The second, closely aligned with the first, is used by military aviation authorities worldwide to screen potential pilots from those unsuited to the task: reflexes, hand-eye coordination, etc., manifest in a racer, for example, in his or her degree of `feel' for what the machine is doing, its deviation from track (e.g. sliding). Anyone interested in taking up racing should be tested for these physiological aspects. It is difficult or impossible for anyone who is not naturally (i.e. genetically) gifted to overcome basic physiological deficits.
The third is psychological: only the tough-minded and strong-willed can win. Adolf Galland, a great WWII fighter pilot, said: "Only the spirit of attack, born in a brave heart, will bring success to any fighter aircraft, no matter how highly developed it may be." It's the same with race bikes.
6 of 6 people found the following review helpful
Good Tips Feb. 21 2007
By Robert Sumner - Published on Amazon.com
Format: Hardcover Verified Purchase
Excellent riding tips from the Moto-GP gods. Recommend for the experienced track day rider. Read this after you've done the Code books. Valuable little morsels of insights.

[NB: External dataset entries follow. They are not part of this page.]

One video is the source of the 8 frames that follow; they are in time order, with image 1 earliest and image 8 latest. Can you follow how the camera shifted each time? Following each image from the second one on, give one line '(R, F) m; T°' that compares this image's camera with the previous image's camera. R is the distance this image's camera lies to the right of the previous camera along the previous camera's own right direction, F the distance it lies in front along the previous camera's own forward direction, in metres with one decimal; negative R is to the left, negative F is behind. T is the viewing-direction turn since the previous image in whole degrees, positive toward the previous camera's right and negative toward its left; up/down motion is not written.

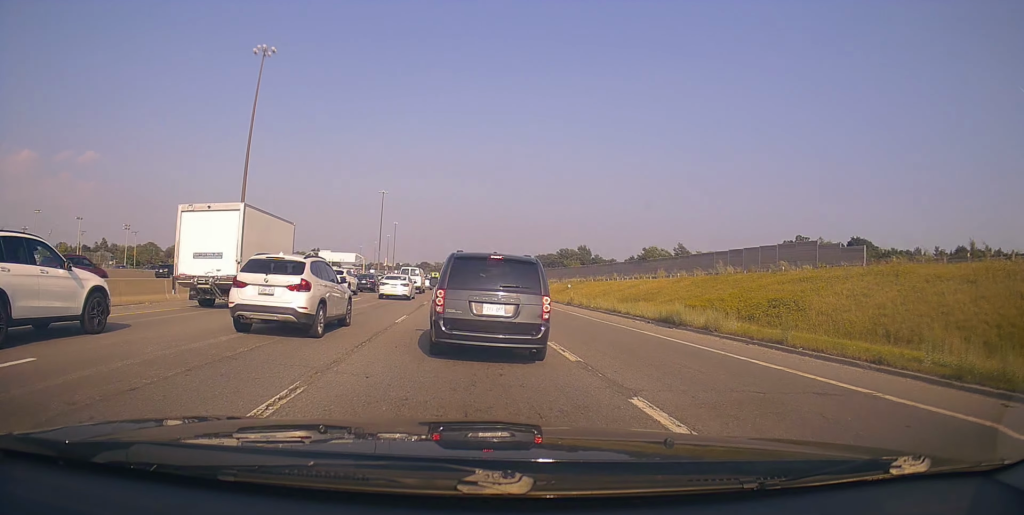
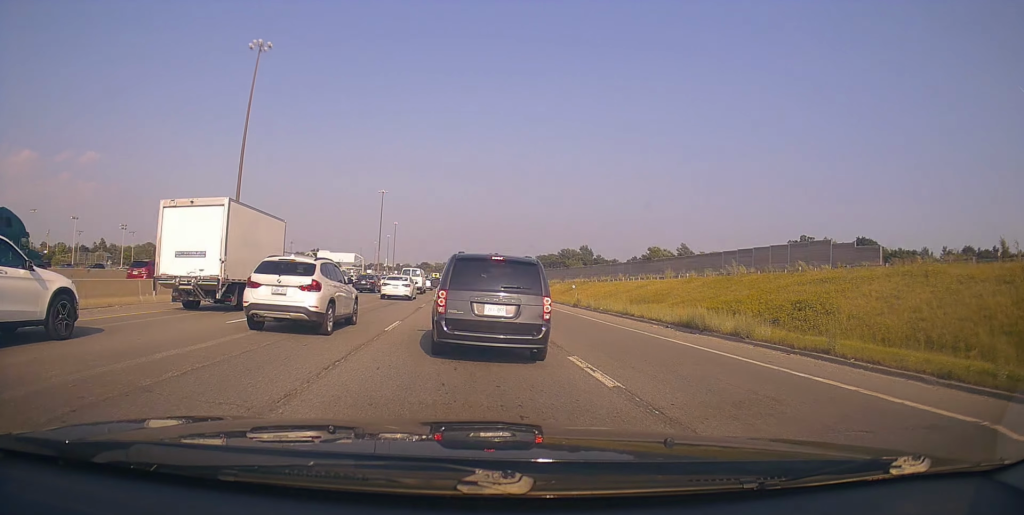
(0.0, +2.2) m; 0°
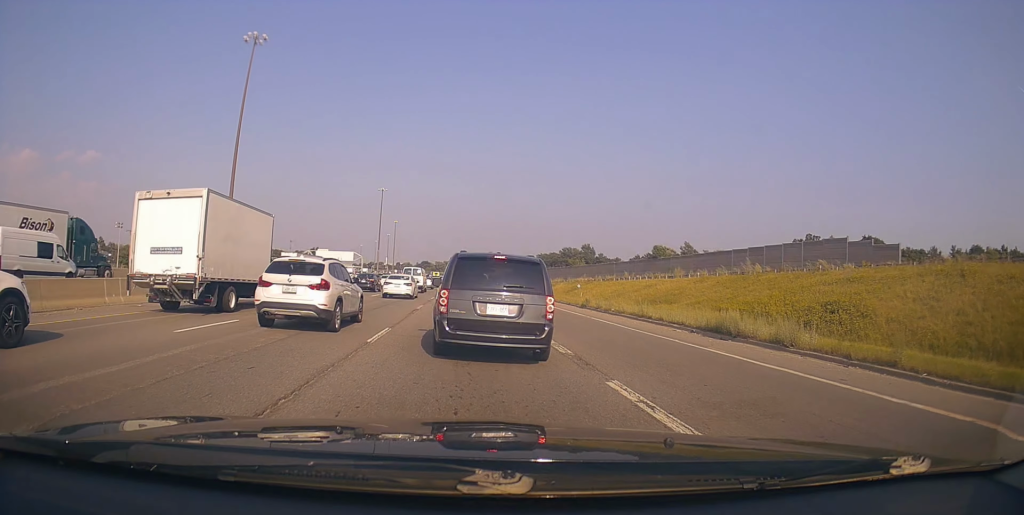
(0.0, +2.4) m; 0°
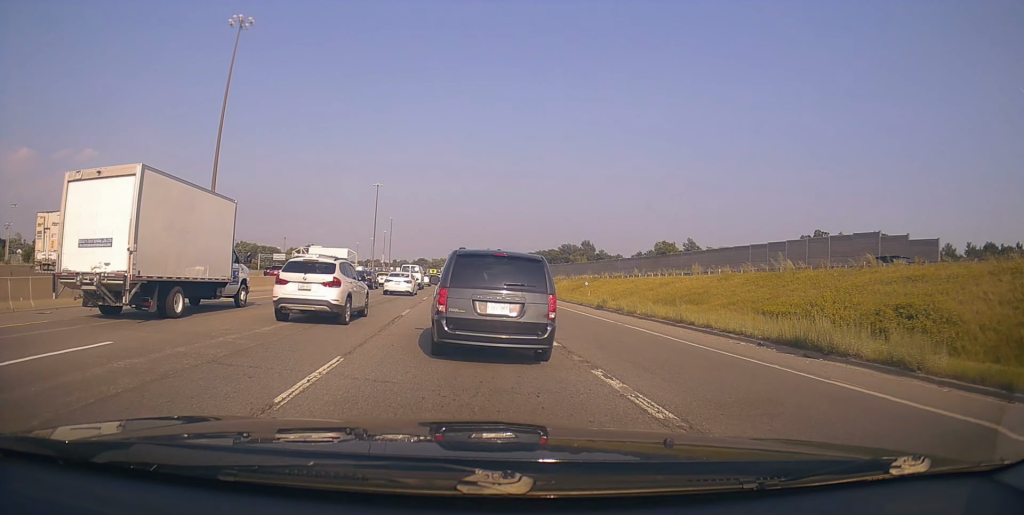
(0.0, +5.2) m; 0°
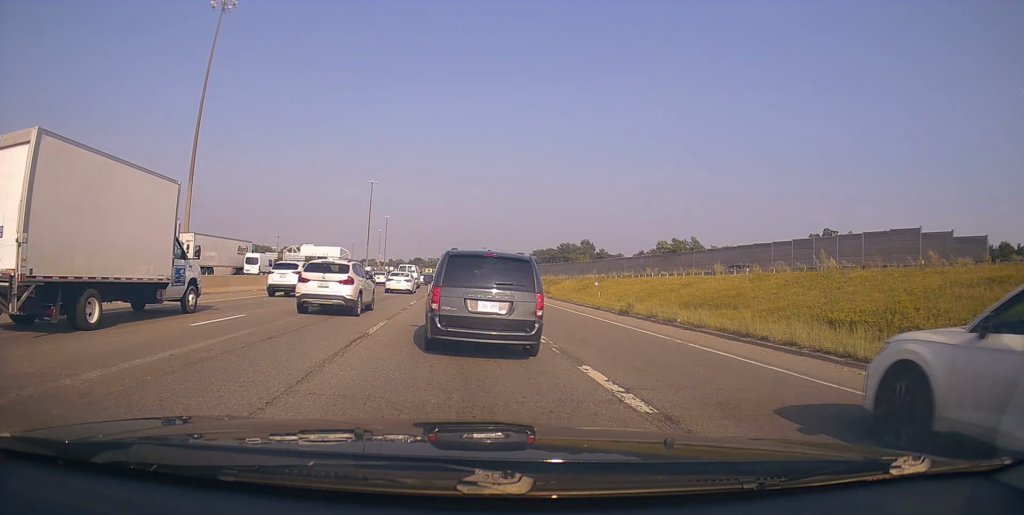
(0.0, +6.2) m; 0°
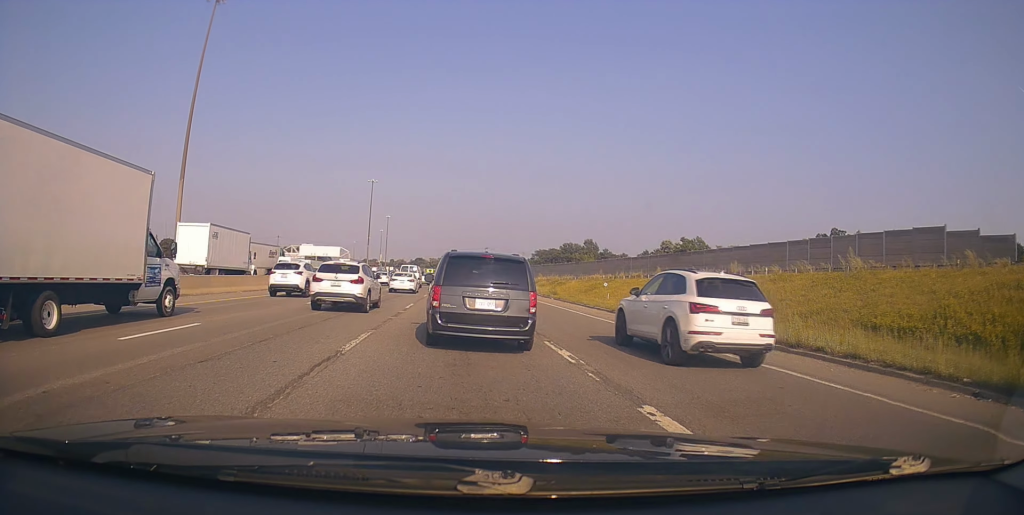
(0.0, +3.0) m; 0°
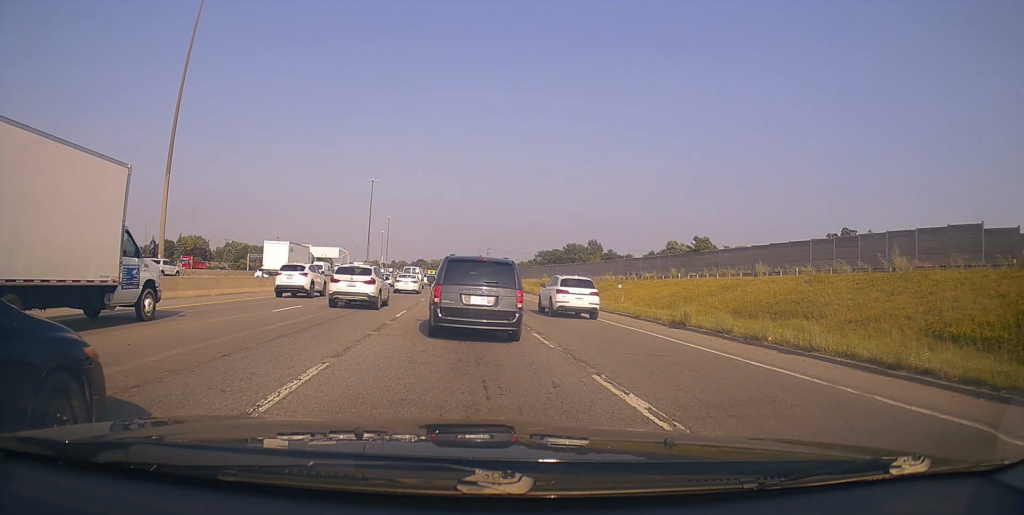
(0.0, +4.3) m; 0°
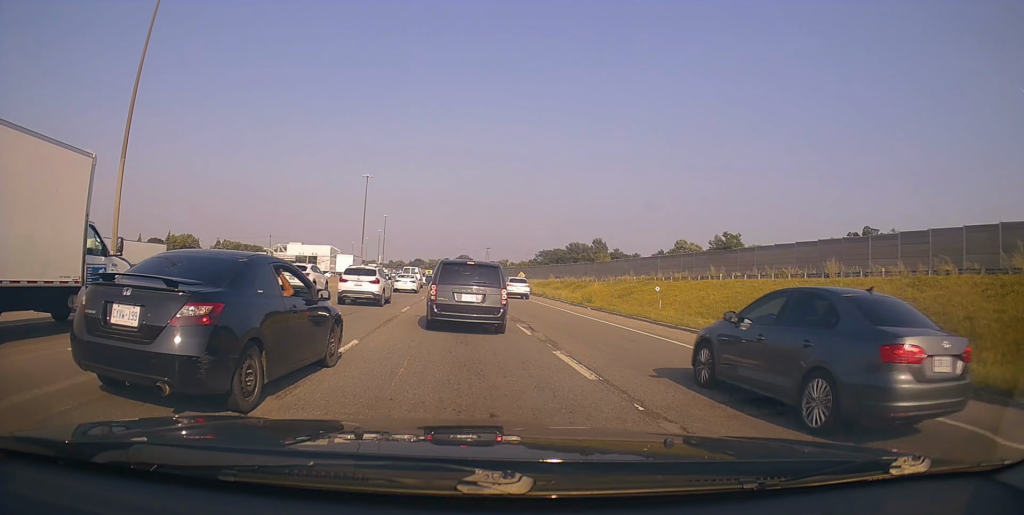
(0.0, +8.8) m; 0°

7 of 8 people found the following review helpful
A little to general Jan. 31 2008
By J. Spindler - Published on Amazon.com
Format: Hardcover
The author is a bit to general in describing the techniques and skills used in MotoGP and the quotes from the riders themselves offer little in site into the actual techniques used for racing. Trailbraking for example is only basically defined and not detailed in any manner at all. For example they say you should brake in a progressive manor, which his good advice. But they don't really go into why you should brake in a progressive manor or provide any in site into the technical advantages other than "it helps stability". I would have liked a more technical approach and less general advice.

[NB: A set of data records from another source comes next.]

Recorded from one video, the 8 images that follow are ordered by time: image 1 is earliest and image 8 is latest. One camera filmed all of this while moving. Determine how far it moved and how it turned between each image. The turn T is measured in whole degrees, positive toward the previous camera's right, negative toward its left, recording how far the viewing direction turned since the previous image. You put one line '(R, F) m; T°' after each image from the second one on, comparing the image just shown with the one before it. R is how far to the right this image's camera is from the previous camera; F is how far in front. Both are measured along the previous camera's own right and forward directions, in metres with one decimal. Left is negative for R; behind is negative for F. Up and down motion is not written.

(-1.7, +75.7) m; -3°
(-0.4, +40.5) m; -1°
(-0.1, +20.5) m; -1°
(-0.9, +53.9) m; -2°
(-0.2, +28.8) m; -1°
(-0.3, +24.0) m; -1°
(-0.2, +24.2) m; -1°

I did think that the chapter on lines was very good however and explained the difference in lines and types of passing in the sport.
Still this a good read for any club racer and even a better read for someone whom wants to start club racing or just wanting to improve at track days. Hell, it might even be a good read for just the MotoGp fan to better help them understand the moves and racing action on TV.
4 of 4 people found the following review helpful
The Best! Oct. 7 2007
By Jack Roe - Published on Amazon.com
Format: Hardcover
In my opinion, the best book on the market for sportbike riders and racetrack techniques. Beautifully done, brilliantly written. Andy has more good information here for the advanced rider than any other book on the shelves. This and Nick Ienatsch's "Sportbike Riding Techniques" should be mandatory reading for anyone wishing to expand their riding skills, especially sportbike riders considering going to trackdays, track schools (such as CLASS, STAR, etc.) or actively roadracing.